Respondents were first asked to rank the three soft skills that they believed were most important for a manager to have.
40% of respondents said that communication was the most important soft skill for a manager to have, with leadership and influence coming in as the second most important. Interestingly, there was a split in opinion between men and women for the third most important skill. As 36% of women rated empathy and inclusion as the third most important skill, whereas 35% of men considered it to be decision-making.
Concerningly, the research also found that 41% of employees rated their managers’ communication skills as average to very poor, suggesting there is a real deficit between the communication skills that many managers have vs. what they need.
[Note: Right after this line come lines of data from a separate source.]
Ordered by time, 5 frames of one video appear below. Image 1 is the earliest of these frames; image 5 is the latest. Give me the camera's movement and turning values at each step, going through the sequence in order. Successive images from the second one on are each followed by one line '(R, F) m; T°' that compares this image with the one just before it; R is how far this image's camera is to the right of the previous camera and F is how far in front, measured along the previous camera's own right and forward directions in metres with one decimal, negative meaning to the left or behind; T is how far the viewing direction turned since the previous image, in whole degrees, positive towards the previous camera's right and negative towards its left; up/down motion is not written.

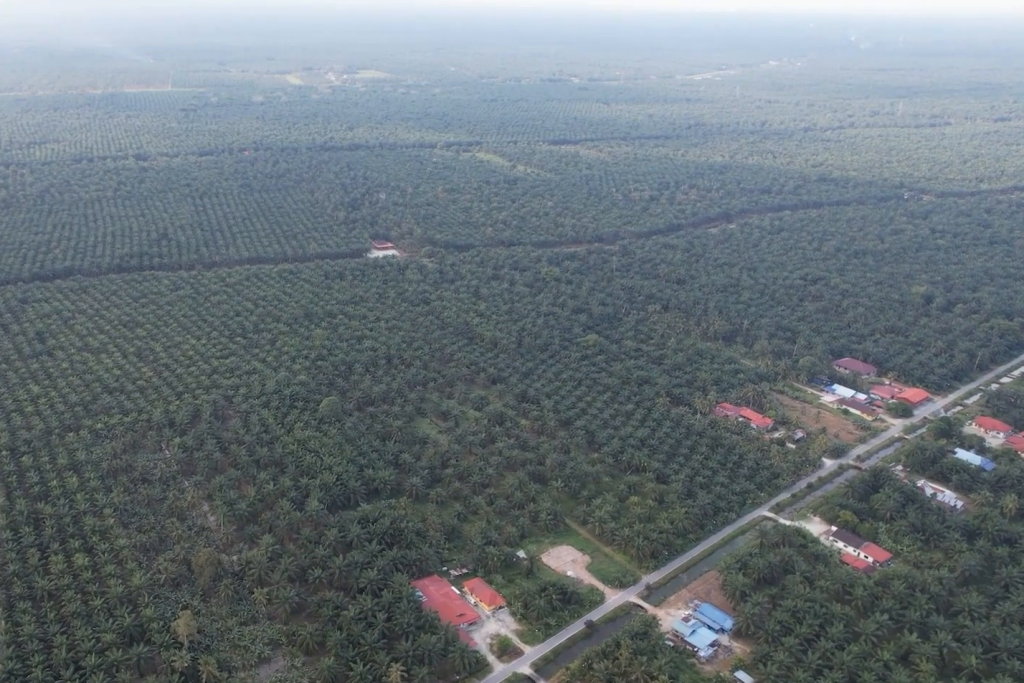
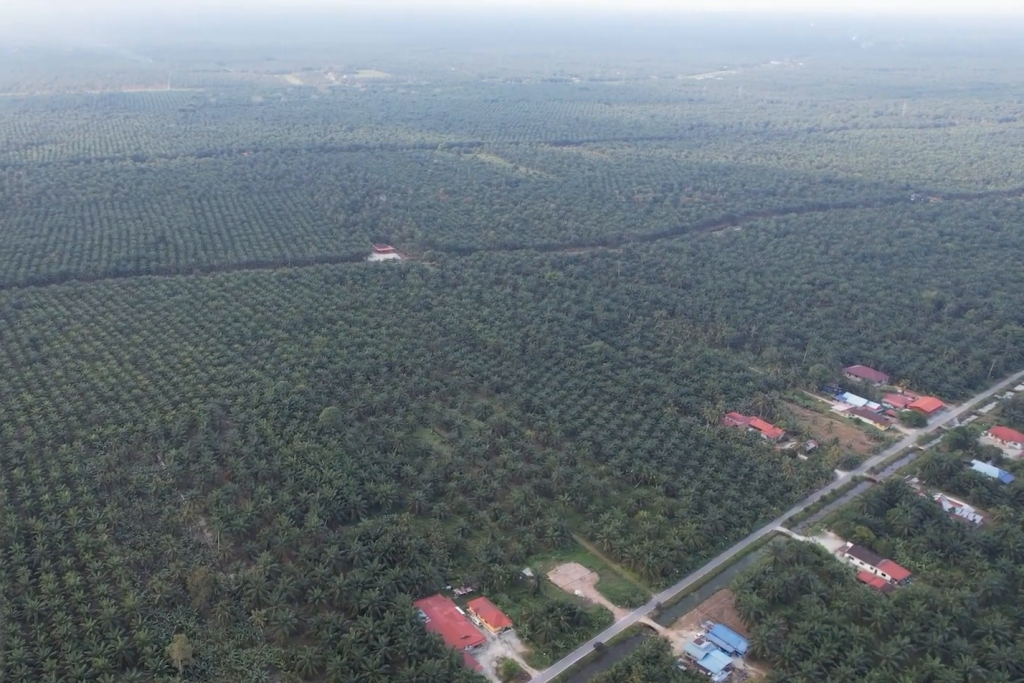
(0.0, +12.6) m; 0°
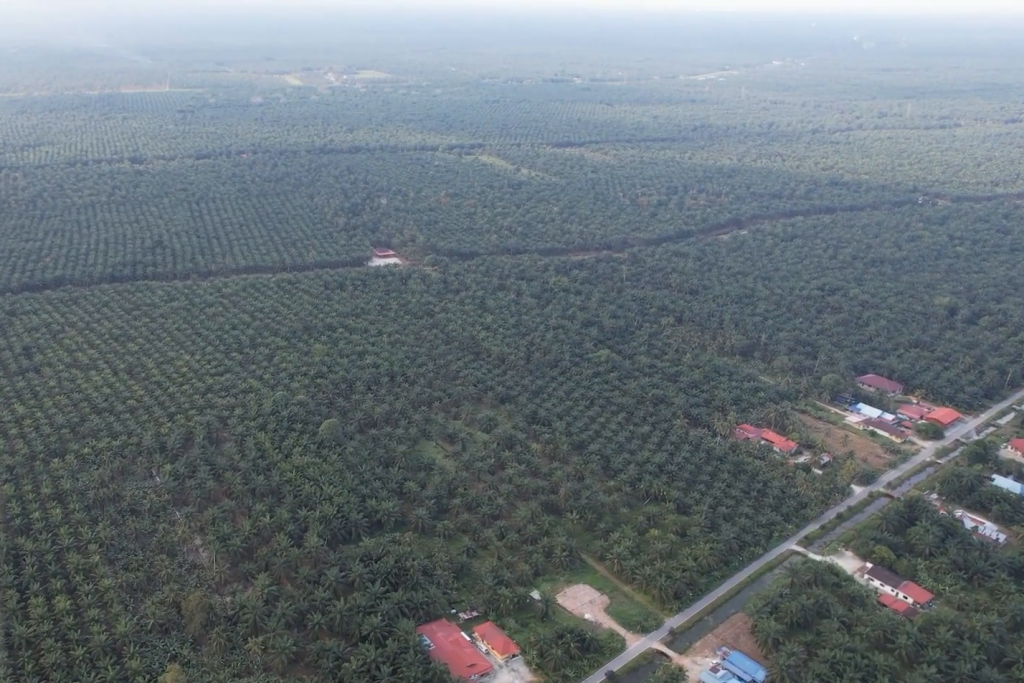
(0.0, +14.4) m; 0°
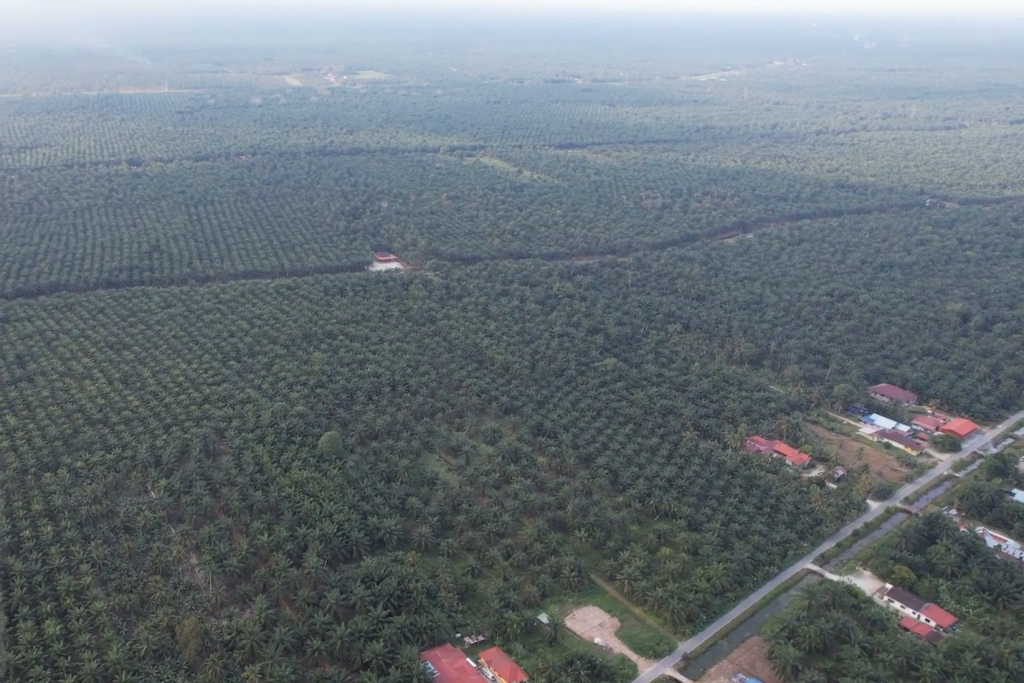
(0.0, +13.2) m; 0°
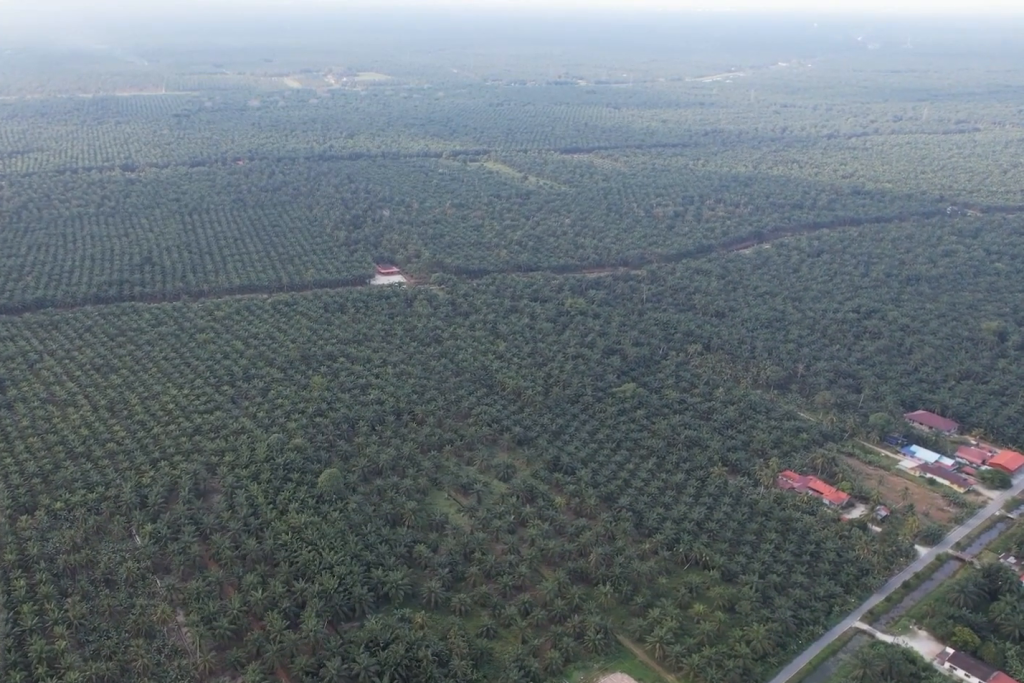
(0.0, +35.8) m; 0°

This is clearly something that needs rectifying considering it is ranked as the most important soft skill among employees in the workplace. The deficit may also begin to explain a lack of productivity among employees, as 50% of women and 56% of men said that they would be more productive if their manager had stronger soft skills.
The findings do not stop there though.
As mentioned previously, an effective manager should act as the catalyst to motivate employees and strengthen their skills, but our research found that this simply isn't occurring. 62% of the employees we spoke to said that their manager has never looked at ways to improve their soft skills, with 51% of employees believing that their managers are too focused on their own development to look at ways of improving staff skills. One standout statistic, which is worth mentioning, is that this statistic increases to 83% among marketing employees. When marketers’ roles revolve around numerous soft skills such as creativity, communication and problem-solving.
The impact of employees not getting the learning and development opportunities they need can be huge, leading to poor productivity alongside a possible increase in employee turnover.
Leaders' Thoughts on The Soft Skills of Managers
Our research also looked at the view of business leaders. Managers play a huge role for the c-suite as they translate business strategies into actionable plans for employees.
Our research found that, like employees, business leaders are not satisfied with their managers' soft skills, with one standout statistic from the research being: 79% of business leaders believe that managers lack the soft skills needed to be effective in their role, showing that managers don’t have the skills needed to fulfil their role and are in dire need of an effective soft skill development programme.
This data shows that all managers are in need of support, but what happens when we look at managers' soft skills by company size? Unsurprisingly, as businesses get bigger, so do the problems, with an increasing number of leaders suggesting managers lack the necessary soft skills to be effective in their role as company size increases. However, the data did show a small reduction from leaders in businesses with 1000+ staff, suggesting that larger businesses are finding a way to use their additional resources to improve manager soft skills. An example of this is the work we have done with PepsiCo to support employees to overcome a number of their soft skills challenges, which in turn improved their soft skills by 54%.
The easy option here is to blame managers for simply not having the soft skills. However, leaders believe the blame lies with the availability of learning opportunities in the workplace. 74% said that they have clever and competent staff, but they do not get the leadership opportunities they need to progress to more senior positions. Proving that it’s not the manager's fault that they don't have the skills required to carry out their role; they are simply not getting the help and support that is needed. This is despite business leaders recognising the benefits that can come from an effective soft skills programme, with 92% of leaders saying that their company would be more productive if staff had better soft skills.
This just goes to show how supporting managers with their soft skills development should be of the utmost importance. Managers are progressing into positions of leadership without the soft skills that are required from a confident and effective manager leading to shortfalls arising in themselves, employees and perhaps most importantly, business growth.
Something Needs to be Done, and Managers Agree...
Overall, our research has shown that both senior and junior staff are feeling the impact of a lack of soft skills in management that are ultimately affecting businesses’ bottom line.
You may think that managers are in the firing line from c-suite and employees...but they agree, with a recent study stating that 75% of managers were dissatisfied with their company's L&D function.
So what does this all mean?
- Senior leaders are unhappy
- Employees are unhappy
- Managers are unhappy
And the reality is, this unhappiness is going to land at the feet of L&D if strategies aren’t put in place to significantly improve managers’ soft skills. With record investment in L&D the time to act is now, before senior leaders start to question if their investment is better placed elsewhere.